Those of us who train seriously in the martial arts have a variety of reasons for why we train. Self-defense. Physical fitness. Love of a cultural art. Competition. Social activity. Personal spiritual development. Just because it's fun. The list of possibilities is long and an individual practitioner will likely have a mix of motivations which will shift in importance over the years.

One motivation which doesn't seem to be discussed much is the drive for "mastery" - the desire to be really good at something. I think that for many (most? all?) people, there is a natural desire to be genuinely, undeniably, really good at something. Maybe it's playing guitar. Maybe it's Judo. Maybe it's fixing computers. Maybe it's baking a cake. Maybe it's gardening. Maybe it's juggling. Heck, maybe it's competitive cup stacking. Not everybody puts in the work to achieve this goal, but I think the desire is there.

There's probably some evolutionary psychology theory out there about why this should be so. I tend to steer clear of most evo psych because it can easily become untestable theorizing which ends up supporting the theorizer's prior assumptions about human nature. All I know is that when I drag myself in to the dojo for some particularly grueling training session on a day when I really felt more like staying home and playing video games, a significant portion of my motivation is the fact that I want to become better at my art than I currently am. It's not that I am particularly worried about being assaulted and needing that extra bit of training in order to defend myself. It's not that I want to win a trophy. It's not that I think I'm in bad physical shape and desperately need the exercise. I just want to get better at what I do. At the same time, I take a certain satisfaction in the skill and knowledge I've already achieved, even though I'm not content to stop with what I have.

I strongly suspect I'm not the only person this applies to.

There is another, related drive. It's the desire to be recognized by others as being really good at something. This isn't inherently a bad thing. We're social animals, and as much as we might like to pretend otherwise we are affected by the opinions of others. There is a certain satisfaction in being recognized for the work we have put in and the results we have accomplished.

Unfortunately, there is a danger that the desire for recognition as being good at something can interfere with the process of actually becoming good at that thing. There are many ways that can happen for a martial artist. We could avoid sparring sessions with those who might beat us (especially if they are lower ranked). We could avoid sparring on days when we feel under our physical peak, so as to not look bad. We could avoid any sort of training exercise where we might "fail" and look bad. We could avoid listening to and learning from students we think are beneath us. We could avoid admitting that we don't understand a certain topic within the arts as well as we think we should. We could break away from our teacher and promote ourselves to a fancy high rank. We could stay with our teacher and organization because we have a fancy high rank in that context and avoid starting over as a beginner somewhere else. The possibilities are endless.
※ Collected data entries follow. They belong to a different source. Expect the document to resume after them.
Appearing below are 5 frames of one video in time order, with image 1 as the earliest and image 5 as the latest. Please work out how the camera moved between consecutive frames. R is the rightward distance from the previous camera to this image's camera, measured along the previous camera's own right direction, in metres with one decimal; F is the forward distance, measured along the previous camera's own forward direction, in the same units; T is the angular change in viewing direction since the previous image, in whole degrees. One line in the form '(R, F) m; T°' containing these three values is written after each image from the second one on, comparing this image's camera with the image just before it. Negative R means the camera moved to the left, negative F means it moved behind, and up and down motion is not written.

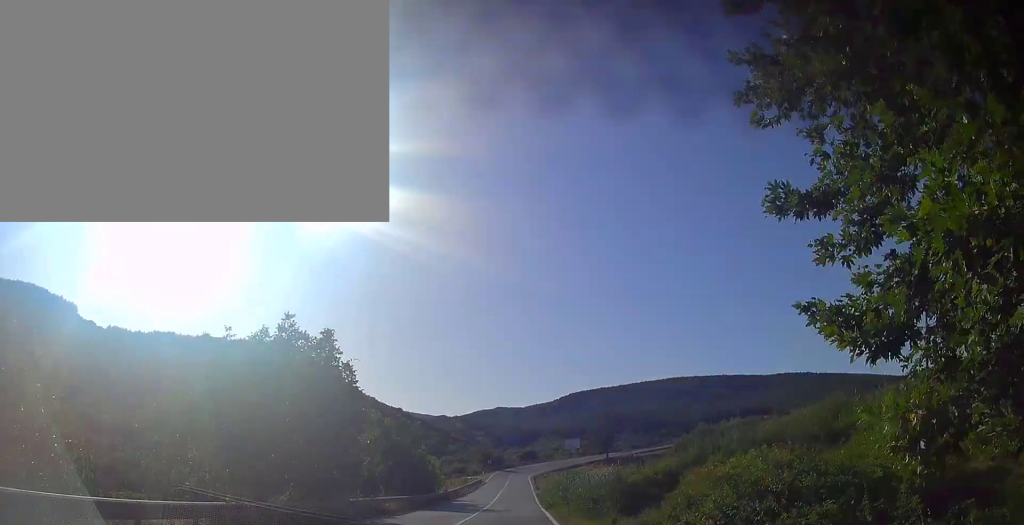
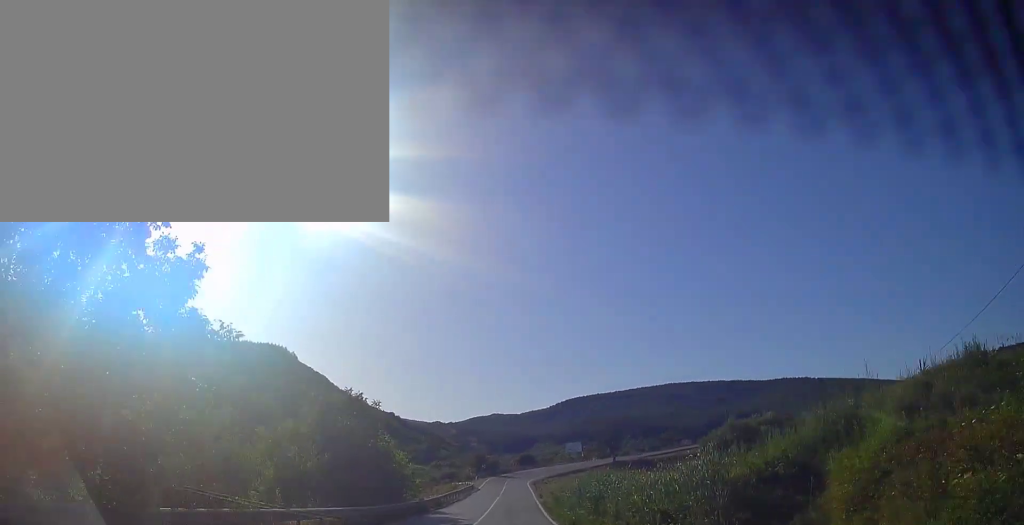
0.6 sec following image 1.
(+0.2, +12.5) m; +1°
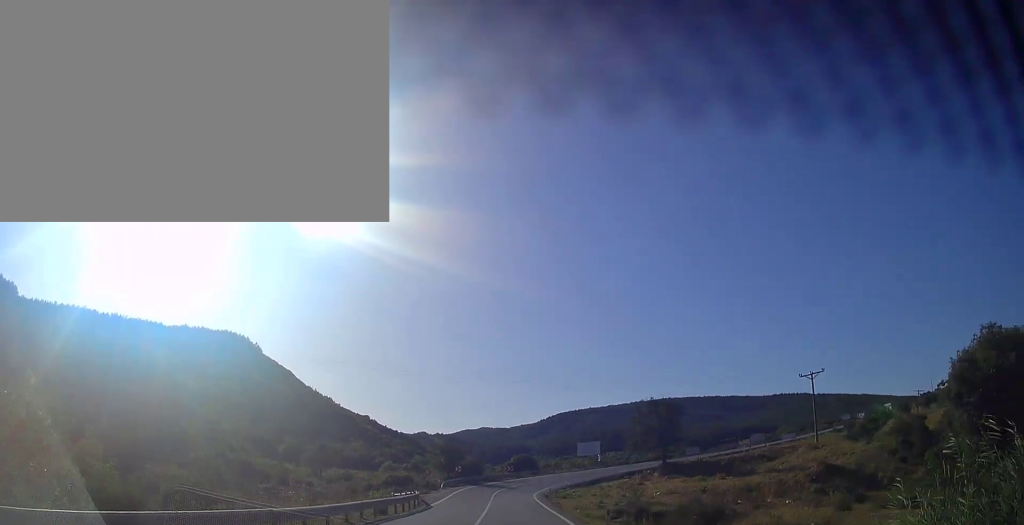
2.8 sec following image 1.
(+0.6, +43.1) m; +1°
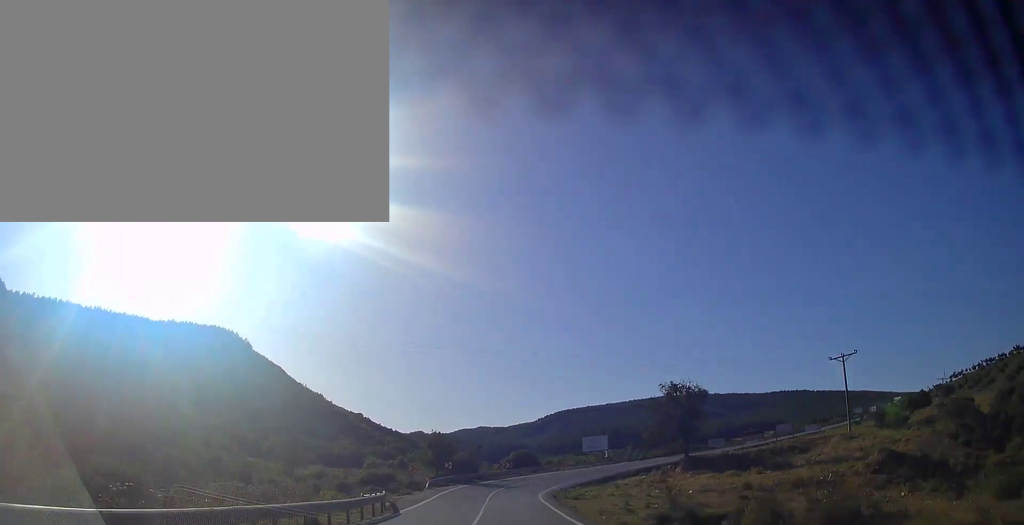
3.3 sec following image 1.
(0.0, +10.4) m; 0°
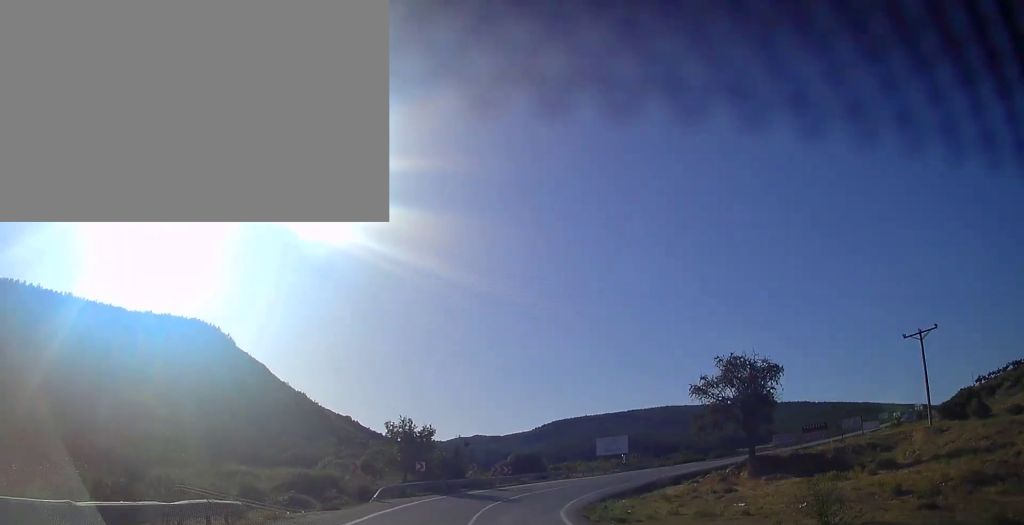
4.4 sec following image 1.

I think it's fine to admit to ourselves that we like that little ego boost, that pat on the back when a teacher or a student or one of our peers says "Hey, you're really improving" or "You're really good at that" or "You really know what you're talking about." We just need to be careful that we don't let the desire for that positive reinforcement get in the way of our real goals.
A few thoughts, in no specific order. (My students hate that.)

You are correct that many of us are motivated by the desire to be recognized as experts. In Spranger's model of motivators, this is the "individualistic" motivator (combined with the "theoretical" motivator in some cases). Individualistic means we want to be recognized for our own accomplishments in some way (not everyone is actually strongly motivated in this area, but it's fairly common as at least a secondary motivator). Theoretical means we love to know, and are motivated by learning and information. Theoretical is my primary motivator, and Individualistic is among my secondaries, so I love to be recognized for what I know. Thus, this entire paragraph (and my love of teaching).

And, yes, this desire for recognition - especially when combined with the Dunning-Kruger effect - can cause us to miss out on opportunities to learn. It can, in fact, cause us to step away from learning and move too quickly to teaching. Sometimes we try too hard to become that wise man on the mountain, forgetting that he probably never tried to be that. He was probably just a guy who liked living on a mountain who learned a lot and became really wise.

As for that desire to get really good, yes. After a point, most of us could stop going to classes and simply practice our moves from time to time and remain reasonably competent for defensive purposes. I know things that make me better at martial arts, but aren't really necessary for basic competency. I want to know more of those things. As an aside, I think this is why some very experienced instructors stop teaching beginning students: they are so focused on the depth of the art that they no longer like teaching the basics, so they either retire or just spend their time teaching instructors.

These seemingly disparate, but often not conflicting, motivations we experience are part of why the tag line for Shojin-ryu is "Self-Defense, Self-Discipline, Self-Development".
 
Those of us who train seriously in the martial arts have a variety of reasons for why we train. Self-defense. Physical fitness. Love of a cultural art. Competition. Social activity. Personal spiritual development. Just because it's fun. The list of possibilities is long and an individual practitioner will likely have a mix of motivations which will shift in importance over the years.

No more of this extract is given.